Floods of 1941
Taylor county, Iowa
1941 was a year most residents of Blockton remember as a year of never-ending rain. The town faced some of the most devastating floods of its history. From June 2nd to November 6th, the city would be dealing with the aftermath of multiple heavy rainfalls. The storm started by unloading almost six inches across the town of Blockton within a two-day span. The Platte River, which runs on the southwestern edge of town, reached levels higher than before the river was straightened in 1915, severely damaging crops and nearby buildings as the river began to spill out onto the surrounding land.

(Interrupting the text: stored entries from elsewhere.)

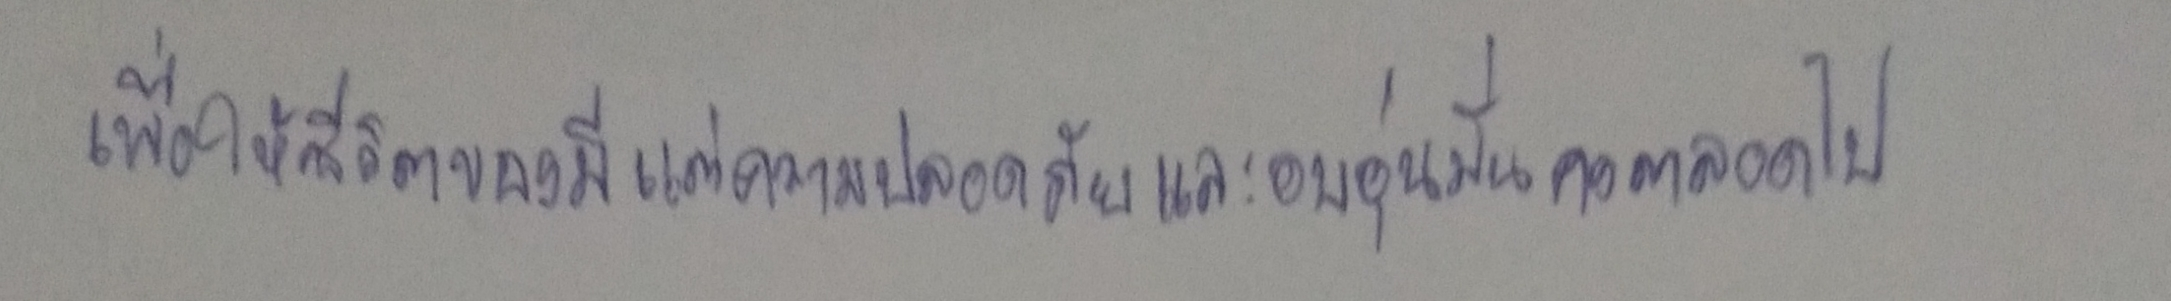
เพื่อให้ชีวิตของมีแต่ความปลอดภัยและอบอุ่นมั่นคงตลอดไป
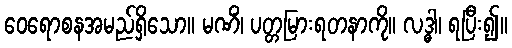
ဝေရောစနအမည်ရှိသော။ မဏိံ၊ ပတ္တမြားရတနာကို။ လဒ္ဓါ၊ ရပြီး၍။
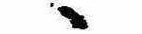
ゝ
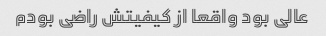
عالی بود واقعا از کیفیتش راضی بودم
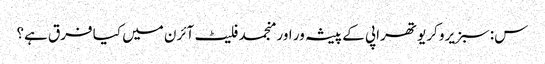
س: سبزیرو کریو تھراپی کے پیشہ ور اور منجمد فلیٹ آئرن میں کیا فرق ہے؟
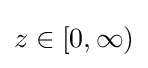
z\in \left[0,\infty \right)
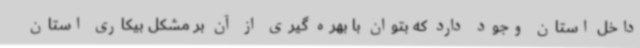
داخل استان وجود دارد که بتوان با بهره گیری از آن بر مشکل بیکاری استان
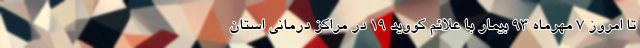
تا امروز ۷ مهرماه ۹۳ بیمار با علائم کووید ۱۹ در مراکز درمانی استان
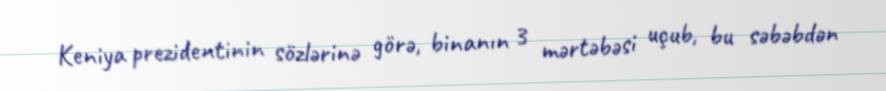
Keniya prezidentinin sözlərinə görə, binanın 3 mərtəbəsi uçub, bu səbəbdən
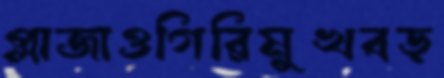
প্লাজাওগিরিমুখবড়
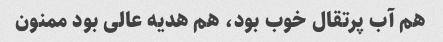
هم آب پرتقال خوب بود، هم هدیه عالی بود ممنون
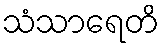
သံသာရေတိ
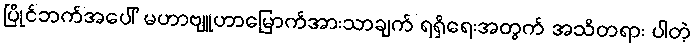
ပြိုင်ဘက်အပေါ် မဟာဗျူဟာမြောက်အားသာချက် ရရှိရေးအတွက် အသိတရား ပါတဲ့
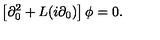
\left[ \partial _ { 0 } ^ { 2 } + L ( i \partial _ { 0 } ) \right] \phi = 0 .
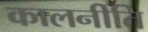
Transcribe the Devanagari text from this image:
कालनीति
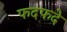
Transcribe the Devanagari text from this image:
फदफदे
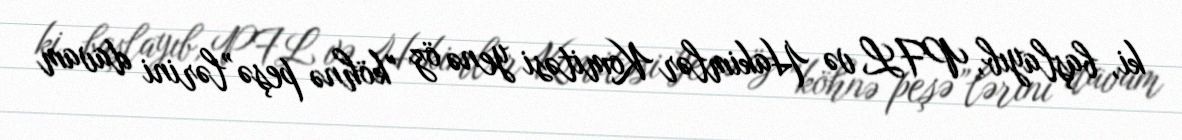
ki, başlayıb, PFL və Hakimlər Komitəsi yenə öz "köhnə peşə”lərini davam
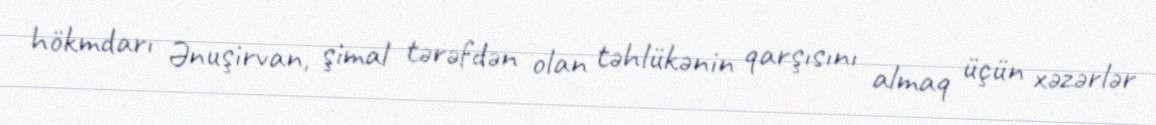
hökmdarı Ənuşirvan, şimal tərəfdən olan təhlükənin qarşısını almaq üçün xəzərlər
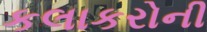
કલાકરોની
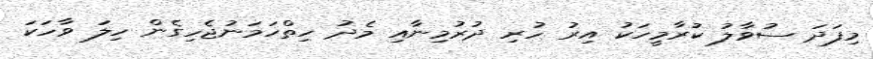
މިފަދަ ސުވާލު ކުރާމީހަކު އިރު ހުރި ދުރުމިނާއި މެދު ހިތްހަމަނުޖެހިގެން ހިލަ ވާހަކަ
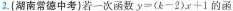
2.{湖南常德中考)若一次函数$$y=(k-2)x+1$$的函数
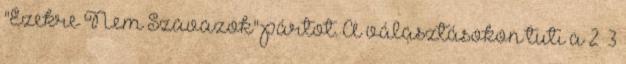
"Ezekre Nem Szavazok" pártot. A választásokon tuti a 2 3
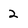
Character: 2
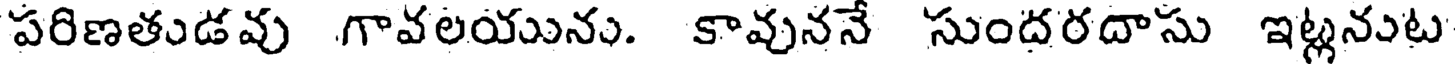
పరిణతుడవు గావలయును. కావుననే సుందరదాసు ఇట్లనుట
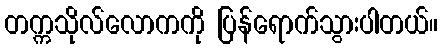
တက္ကသိုလ်လောကကို ပြန်ရောက်သွားပါတယ်။
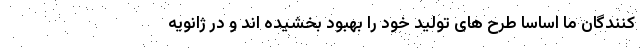
کنندگان ما اساسا طرح های تولید خود را بهبود بخشیده اند و در ژانویه
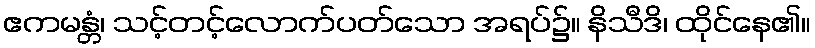
ဧကမန္တံ၊ သင့်တင့်လောက်ပတ်သော အရပ်၌။ နိသီဒိ၊ ထိုင်နေ၏။
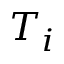
T _ { i }
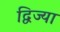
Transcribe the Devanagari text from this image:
द्विज्या

More storms had reached the town on the 10th and 11th. By June 12th, the floods had not receded, but rather, they reached a 38-year high, surpassing the previous record floods by over a foot. Blockton had already implemented a flood reduction strategy by building a drainage ditch in 1922. The ditch had successfully prevented floods for the past 19 years but was overwhelmed by the constant downpours. The Blockton News reported thousands of acres of cropland as flooded, along with several large grain bins. The cost of the flood was too high to estimate accurately. Earlier that week, two residents, Miss Laura Lewis and Mrs. Charles Bailey, drowned in the flash floods. Both women were in their mid-60s.

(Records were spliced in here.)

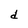
Character: d
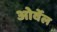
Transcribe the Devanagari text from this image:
ओर्वेल
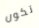
تكون
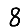
Digit: 8
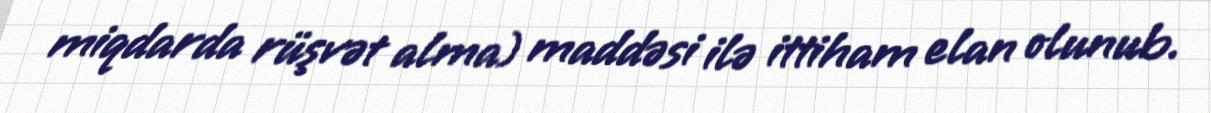
miqdarda rüşvət alma) maddəsi ilə ittiham elan olunub.
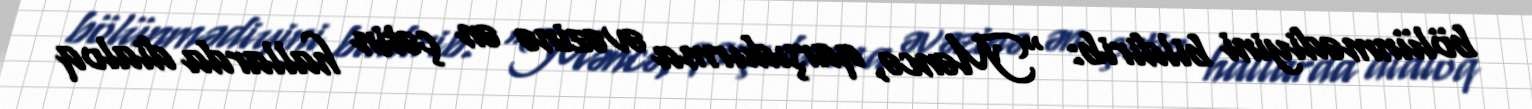
bölünmədiyini bildirib: “Məncə, qarşıdurma əvəzinə ən çətin hallarda dialoq
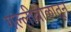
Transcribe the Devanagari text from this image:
गल्लीबोळातून
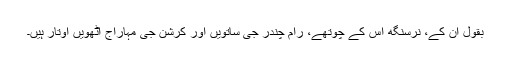
بقول ان کے، نرسنگھ اس کے چوتھے، رام چندر جی ساتویں اور کرشن جی مہاراج آٹھویں اوتار ہیں۔
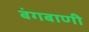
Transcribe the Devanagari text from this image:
बंगबाणी
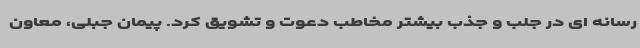
رسانه ای در جلب و جذب بیشتر مخاطب دعوت و تشویق کرد. پیمان جبلی، معاون
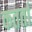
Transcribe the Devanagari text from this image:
कतर्ता
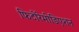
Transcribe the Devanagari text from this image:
फिटोरेमीडिएशन
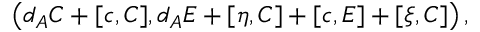
\left( d _ { A } C + [ c , C ] , d _ { A } E + [ \eta , C ] + [ c , E ] + [ \xi , C ] \right) ,
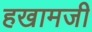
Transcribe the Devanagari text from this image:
हखामजी
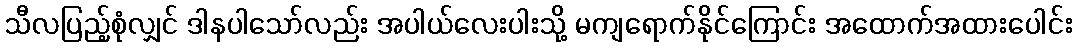
သီလပြည့်စုံလျှင် ဒါနပါသော်လည်း အပါယ်လေးပါးသို့ မကျရောက်နိုင်ကြောင်း အထောက်အထားပေါင်း
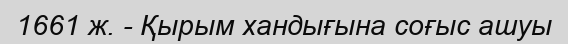
1661 ж. - Қырым хандығына соғыс ашуы
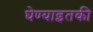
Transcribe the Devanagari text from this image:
घेण्याइतकी
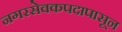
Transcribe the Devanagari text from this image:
नगरसेवकपदापासून
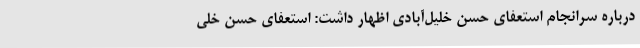
درباره سرانجام استعفای حسن خلیل‌آبادی اظهار داشت: استعفای حسن خلی

Taylor County was just one of the many counties in the state suffering from flooding that year. In July, the Iowa Department of Health suggested that newspapers across the state stop printing stories on drowning deaths. The number of fatalities was twice as high as the previous years, and the department indicated that the reports in newspapers were far from helpful. The censorship may have reduced the number of stories on drownings, but the flooding continued for many more months.

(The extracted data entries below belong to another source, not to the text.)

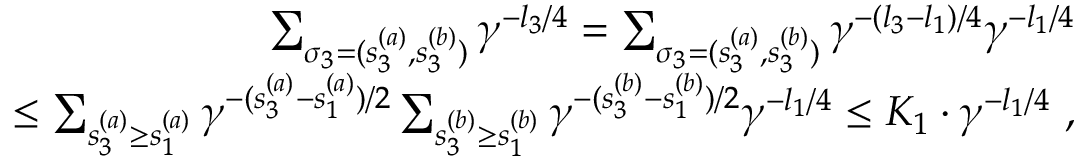
\begin{array} { r l r } & { } & { \sum _ { { \sigma } _ { 3 } = ( s _ { 3 } ^ { ( a ) } , s _ { 3 } ^ { ( b ) } ) } \gamma ^ { - l _ { 3 } / 4 } = \sum _ { { \sigma } _ { 3 } = ( s _ { 3 } ^ { ( a ) } , s _ { 3 } ^ { ( b ) } ) } \gamma ^ { - ( l _ { 3 } - l _ { 1 } ) / 4 } \gamma ^ { - l _ { 1 } / 4 } } \\ & { } & { \le \sum _ { s _ { 3 } ^ { ( a ) } \ge s _ { 1 } ^ { ( a ) } } \gamma ^ { - ( s _ { 3 } ^ { ( a ) } - s _ { 1 } ^ { ( a ) } ) / 2 } \sum _ { s _ { 3 } ^ { ( b ) } \ge s _ { 1 } ^ { ( b ) } } \gamma ^ { - ( s _ { 3 } ^ { ( b ) } - s _ { 1 } ^ { ( b ) } ) / 2 } \gamma ^ { - l _ { 1 } / 4 } \le K _ { 1 } \cdot \gamma ^ { - l _ { 1 } / 4 } \ , } \end{array}
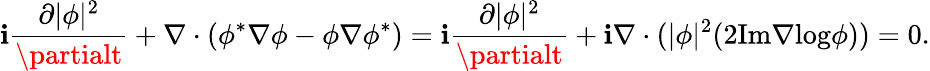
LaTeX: \mathbf{i}\frac{{\partial|\phi|^{2}}}{{\partialt}}+\nabla\cdot(\phi^{*}\nabla\phi-\phi\nabla\phi^{*})=\mathbf{i}\frac{{\partial|\phi|^{2}}}{{\partialt}}+\mathbf{i}\nabla\cdot(|\phi|^{2}(2\mathrm{{Im}}\nabla\mathrm{{log}}\phi))=0.
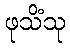
ဖုသိံသု
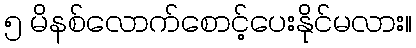
၅ မိနစ်လောက်စောင့်ပေးနိုင်မလား။
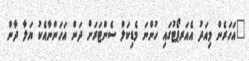
"އަހަރެން މިއަދު އެއަރޕޯޓުގައި ހުންނަ މެޑިކަލް ސެންޓަރަށް ދަން އަހަންނާއެކު ޔަލާ ދާން
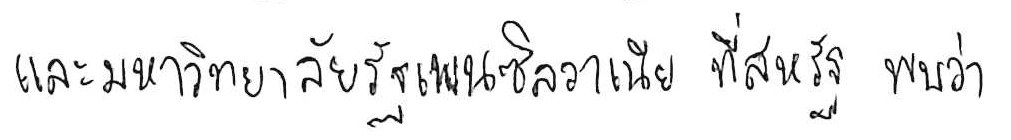
และมหาวิทยาลัยรัฐเพนซิลวาเนีย ที่สหรัฐ พบว่า
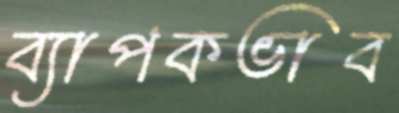
ব্যাপকভাব
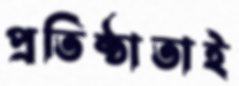
প্রতিষ্ঠাতাই
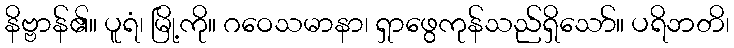
နိဗ္ဗာန်၏။ ပူရံ၊ မြို့ကို။ ဂဝေသမာနာ၊ ရှာဖွေကုန်သည်ရှိသော်။ ပရိဘတိ၊
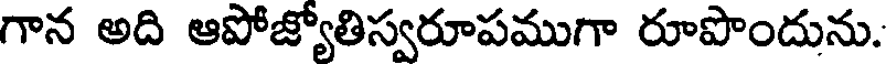
గాన అది ఆపోజ్యోతిస్వరూపముగా రూపొందును.

By September, heavy rains struck again, and the drainage ditch overflowed once more. In November, late-season rains combined with the accumulation of winter’s first snow caused the Platte to cover a quarter mile of the road exiting the west side of town. Blockton and the areas surrounding the Platte River faced nearly six months of flooding and were looking towards mitigation strategies for the future. Residents gathered for a meeting discussing the best solutions for flooding. The Platte River already had a drainage ditch in place, but it had proven insufficient protection from the increasing floods; a new solution was needed. By the 1960s, Blockton would complete one of the most comprehensive watershed management systems in the state, with over 27 drainage ponds and dams built to handle the overflow from the Platte.
Sources: Blockton News, June 5, 1941; Lenox Time Table, “Health Department Would censor News by Elimination,” July 3, 1941; “Platte Takes Two Lives,”Blockton News, June 12, 1941; “Will Drain Platte Bottoms,” Clearfield Enterprise, February 4, 1915; “More High Water,” Blockton News, November 6, 1941; “Drainage Meeting,” Blockton News, November 20, 1941.